+++ Supplied data

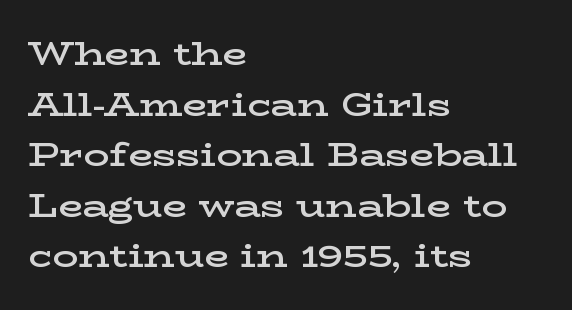
The image shows 32 px semibold, wide serif type, upright; set left-aligned, normal line spacing (1.58x), normal letter spacing, not underlined; low stroke contrast and a medium x-height.
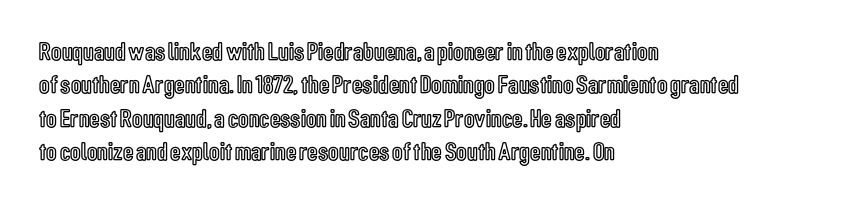
{"italic": "no", "underline": "no", "align": "left", "line_spacing": "normal", "line_spacing_ratio": 1.28, "letter_spacing": "normal", "letter_spacing_em": 0.0, "glyph_px": 26}
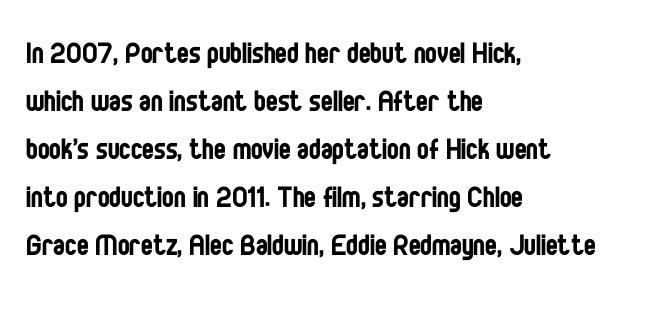
{"serif": "no", "italic": "no", "bold": "no", "weight": "regular", "width": "condensed", "stroke_contrast": "low", "x_height": "large", "monospaced": "no", "underline": "no", "align": "left", "line_spacing": "normal", "line_spacing_ratio": 1.37, "letter_spacing": "normal", "letter_spacing_em": 0.0, "glyph_px": 35}
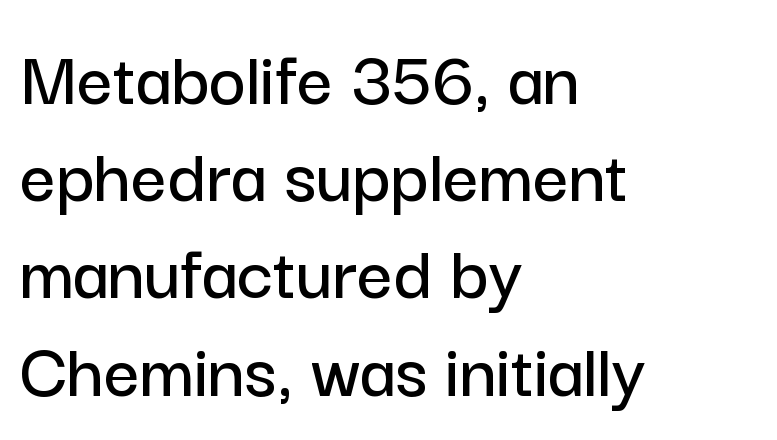
The image shows 79 px sans-serif type, upright; set left-aligned, line spacing 1.23x, normal letter spacing, not underlined; low stroke contrast and a medium x-height.

++++++

• Task item: Each line of the listing above that contains the word "italic" is to be copied.

• Written response:
{"italic": "no", "underline": "no", "align": "left", "line_spacing": "normal", "line_spacing_ratio": 1.28, "letter_spacing": "normal", "letter_spacing_em": 0.0, "glyph_px": 26}
{"serif": "no", "italic": "no", "bold": "no", "weight": "regular", "width": "condensed", "stroke_contrast": "low", "x_height": "large", "monospaced": "no", "underline": "no", "align": "left", "line_spacing": "normal", "line_spacing_ratio": 1.37, "letter_spacing": "normal", "letter_spacing_em": 0.0, "glyph_px": 35}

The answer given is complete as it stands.